Consider the language of the alphabet { 0, 1}, which consists of strings
with the same number of 0'a and 1's.

a) Is the grammar for this language regular? Explain.

b) Sketch a parsing algorithm for this language (No need to find a grammar
for the language).

c) (Optional) write a grammar for this language.

Problem 2
---------

Your project implemented parameter-passing by value for scalar types.
Suppose we want to implement parameter-passing by reference for arrays, and
be able to write the usual:

type t is array (integer range <>) of integer;
...
function sum (arg : t) return integer is
result : integer := 0;
begin
for J in arg'first .. arg'last loop
result := result + arg (J);     --  line (A)
end loop;
return result;
end sum;

Somewhere else we call this function:

table : t (1..N) := ....
X : Integer;
...
X := sum (table);    --  line (B)

a) Indicate what quadruples and what assembly (for your chosen target machine)
would be generated for line (A).

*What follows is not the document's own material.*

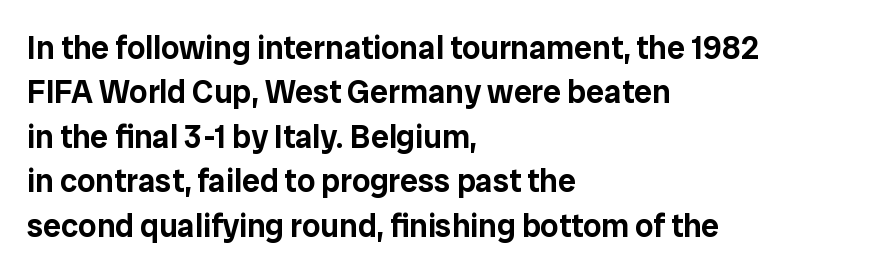
The image shows 32 px sans-serif type, upright; set left-aligned, normal line spacing (1.39x), normal letter spacing, not underlined; low stroke contrast and a medium x-height.

You can assume that the bounds of the array
are stored at locations 0 and 1, so the data itself starts at offset 2 from
the array base.

b) What code (quadruples and assembly) needs to be generated for the
assignment at (B)?

Problem 3
---------

Consider the following procedure, that computes the primes numbers up
to some number N.

with text_io; use text_io;
procedure Sieve (N : integer) is
table : array (1..10000) of boolean;
begin
for I in table'range loop
table (I) := True;
end loop;

for I in 2 .. Integer (Sqrt (N)) loop
if table (I) then                     --  I is a prime
for J in 2 .. Table'Last loop
exit when I * J > Table'Last;
Table (I * J) := False;        --  multiple of I
end loop;
end if;
end loop;

for I in 2 . Table'Last loop
if Table (I) then
put (I); put_line (" is a prime");
end if;
end loop;
end sieve;

can process this example you can use it as a guide. Describe what needs to be
done for the function call to Sqrt.

b) Show the basic blocks of this procedure.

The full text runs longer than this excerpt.